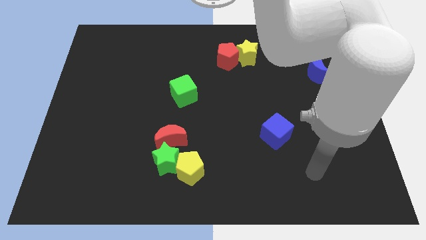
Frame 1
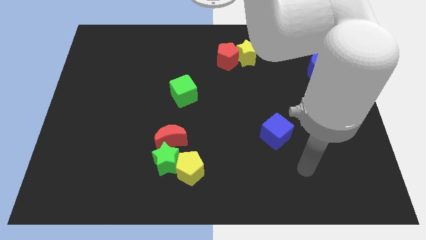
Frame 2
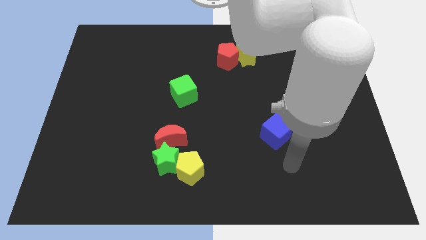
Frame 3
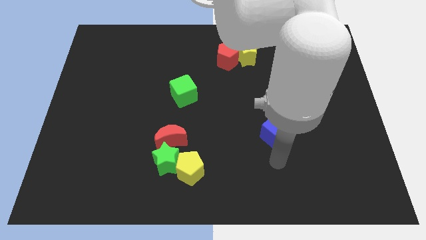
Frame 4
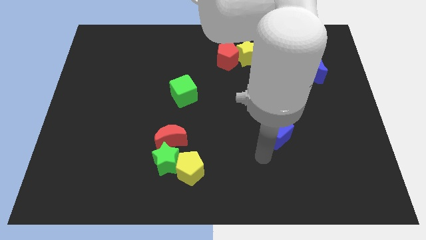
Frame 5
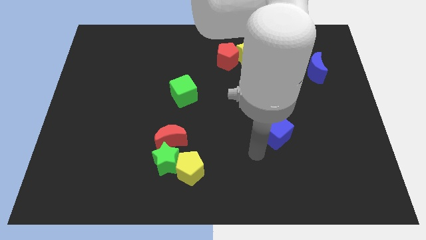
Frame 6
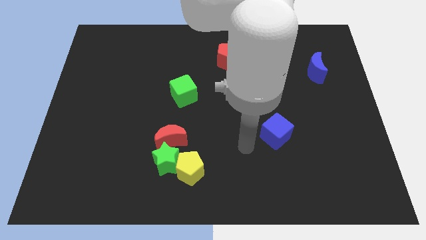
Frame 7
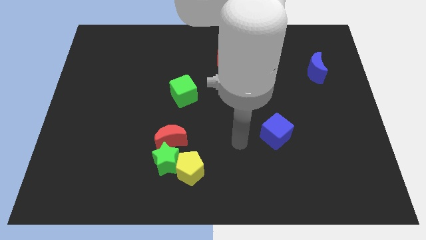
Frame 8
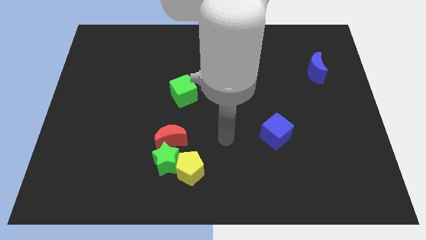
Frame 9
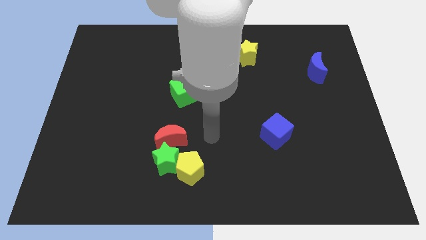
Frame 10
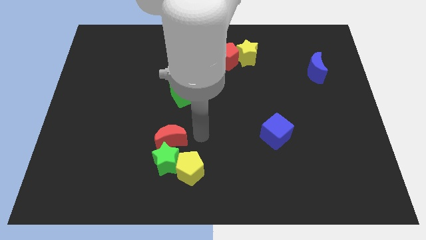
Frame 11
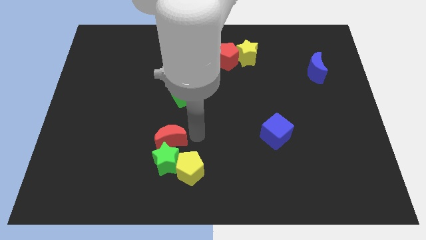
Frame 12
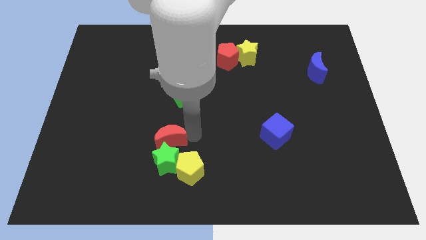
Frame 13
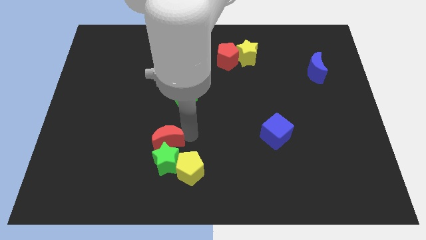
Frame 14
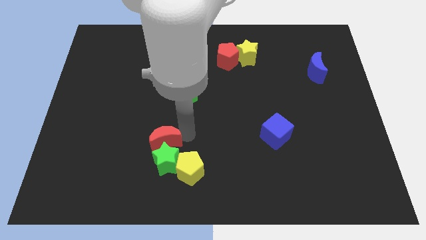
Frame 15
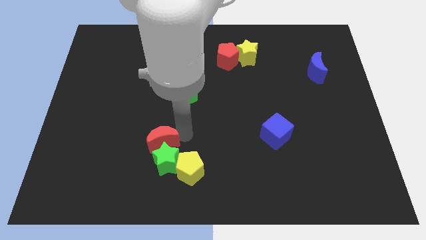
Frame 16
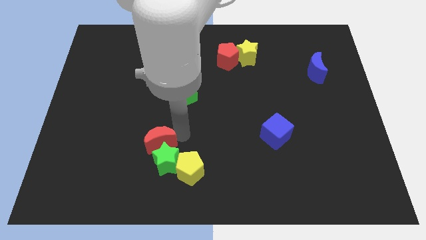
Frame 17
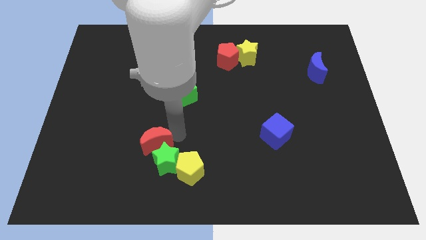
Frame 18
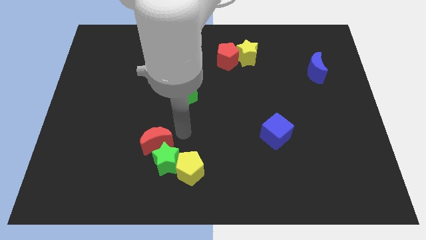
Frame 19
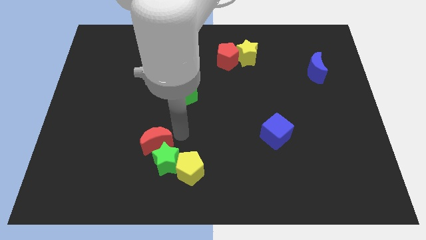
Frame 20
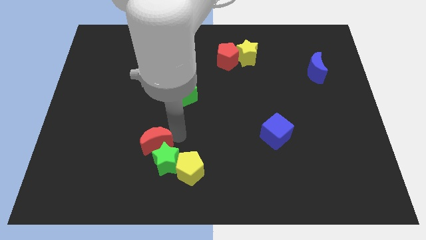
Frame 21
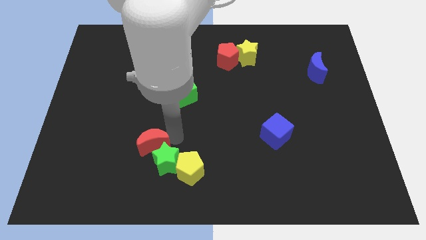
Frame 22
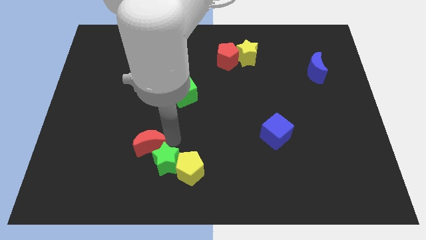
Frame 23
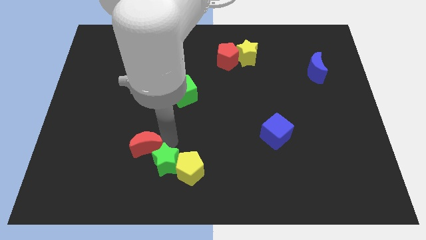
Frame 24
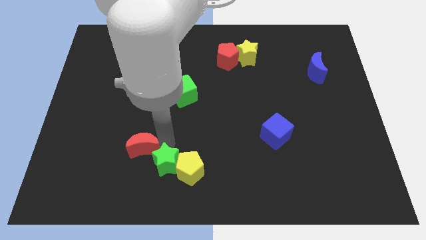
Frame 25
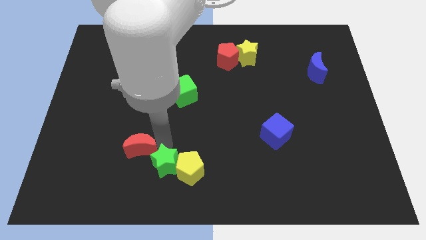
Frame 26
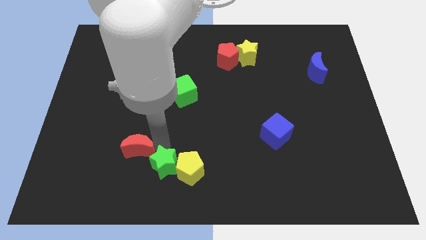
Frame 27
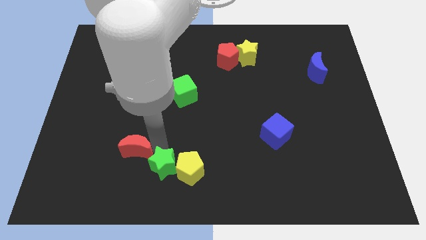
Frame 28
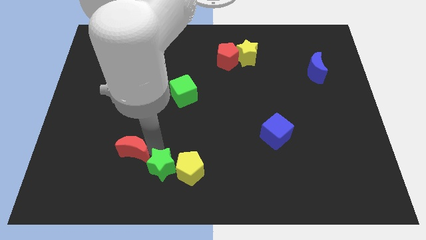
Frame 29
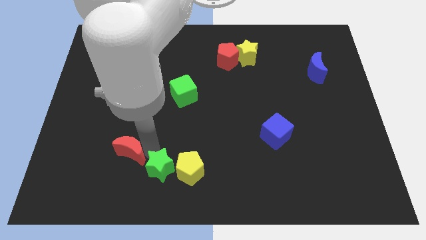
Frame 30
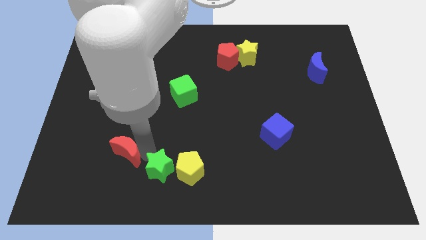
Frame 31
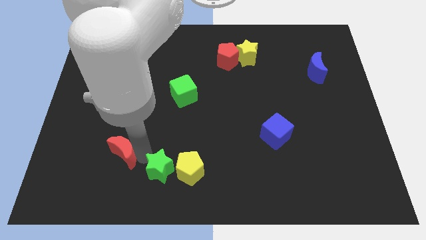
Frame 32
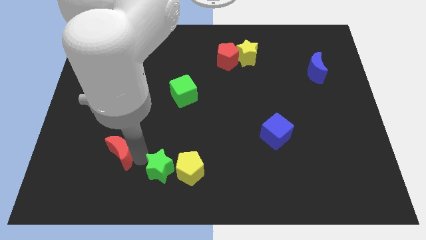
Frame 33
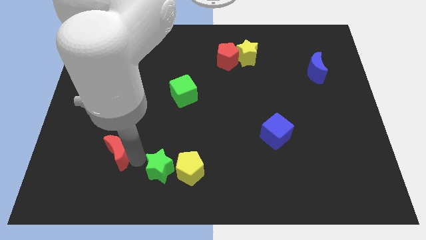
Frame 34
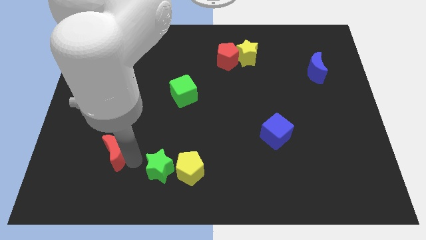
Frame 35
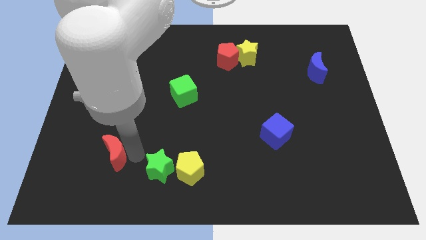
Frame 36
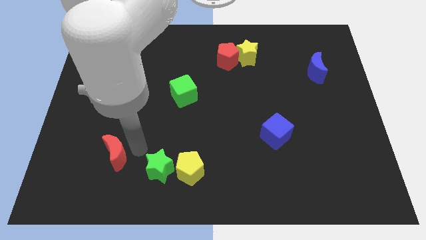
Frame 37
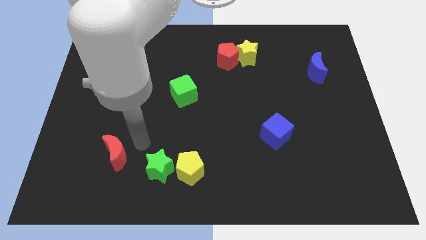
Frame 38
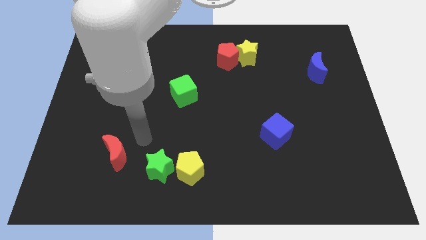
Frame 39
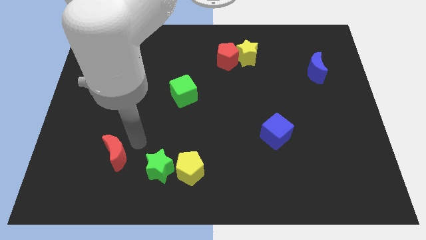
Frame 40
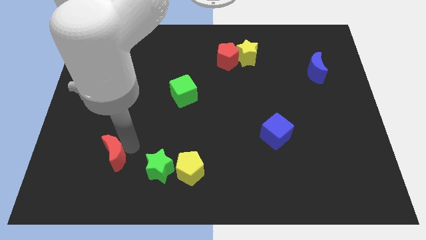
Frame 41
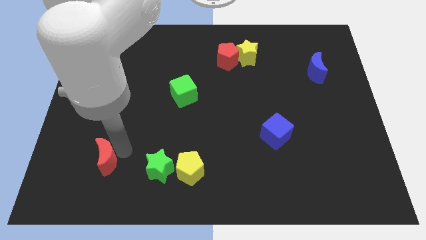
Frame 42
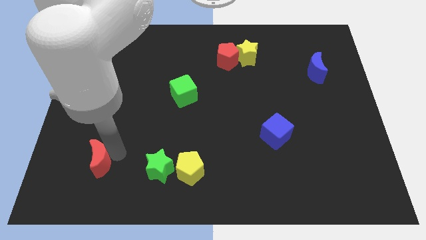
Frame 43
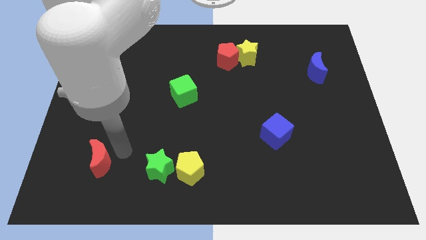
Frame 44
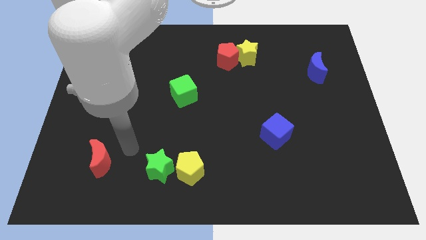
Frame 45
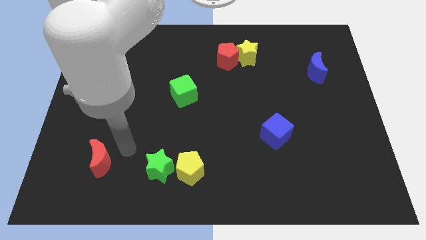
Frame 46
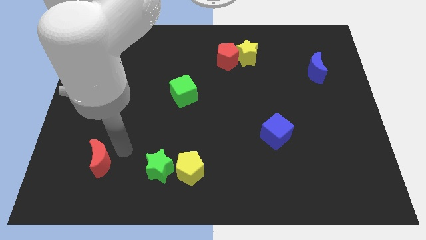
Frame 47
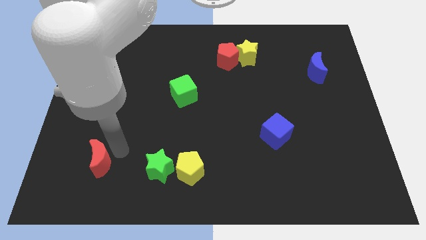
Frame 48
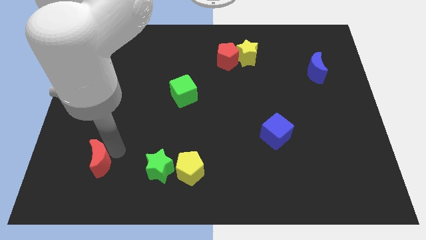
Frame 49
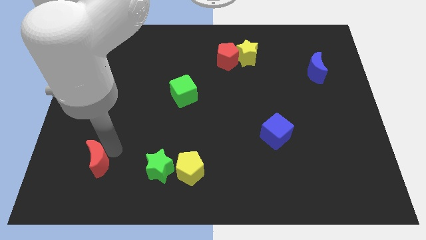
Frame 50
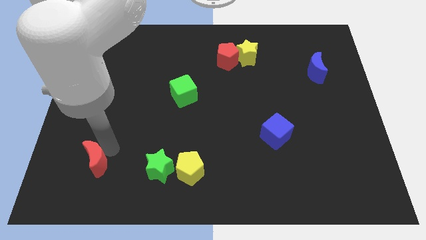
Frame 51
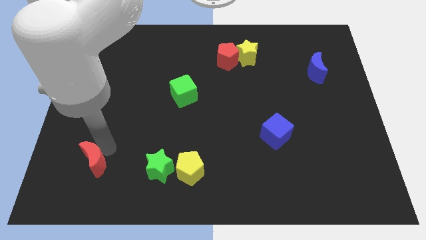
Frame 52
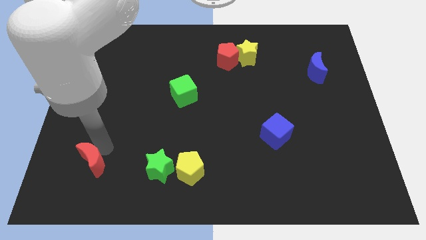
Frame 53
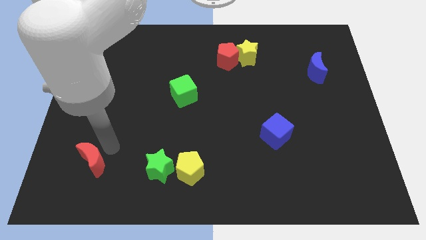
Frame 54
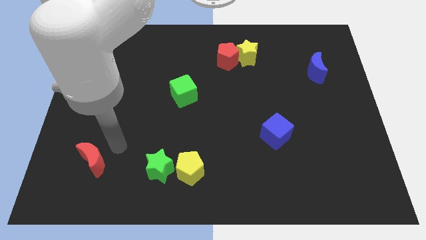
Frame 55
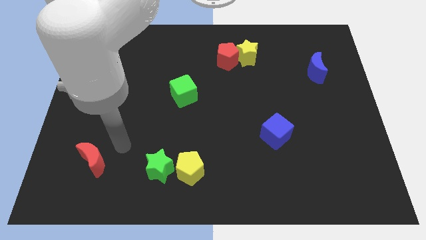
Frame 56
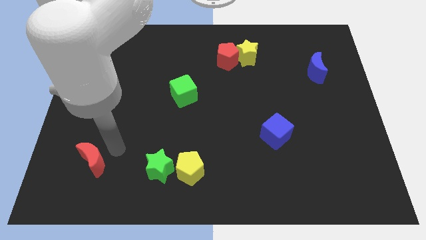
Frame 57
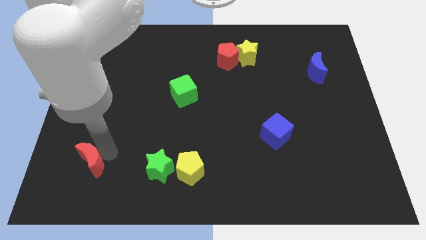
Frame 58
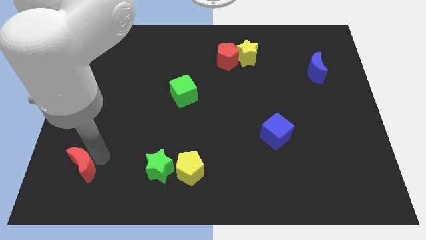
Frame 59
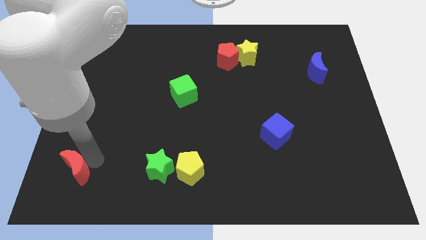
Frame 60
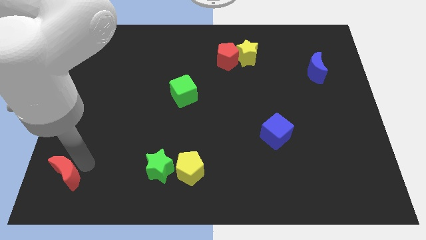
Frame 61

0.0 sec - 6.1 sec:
put the red moon to the lower left corner

++++

*WHAT YOU ARE ASKED TO DO:* Every word of the material above should be copied exactly; no pictures.

*EXPECTED ANSWER:*
Frame 1
Frame 2
Frame 3
Frame 4
Frame 5
Frame 6
Frame 7
Frame 8
Frame 9
Frame 10
Frame 11
Frame 12
Frame 13
Frame 14
Frame 15
Frame 16
Frame 17
Frame 18
Frame 19
Frame 20
Frame 21
Frame 22
Frame 23
Frame 24
Frame 25
Frame 26
Frame 27
Frame 28
Frame 29
Frame 30
Frame 31
Frame 32
Frame 33
Frame 34
Frame 35
Frame 36
Frame 37
Frame 38
Frame 39
Frame 40
Frame 41
Frame 42
Frame 43
Frame 44
Frame 45
Frame 46
Frame 47
Frame 48
Frame 49
Frame 50
Frame 51
Frame 52
Frame 53
Frame 54
Frame 55
Frame 56
Frame 57
Frame 58
Frame 59
Frame 60
Frame 61

0.0 sec - 6.1 sec:
put the red moon to the lower left corner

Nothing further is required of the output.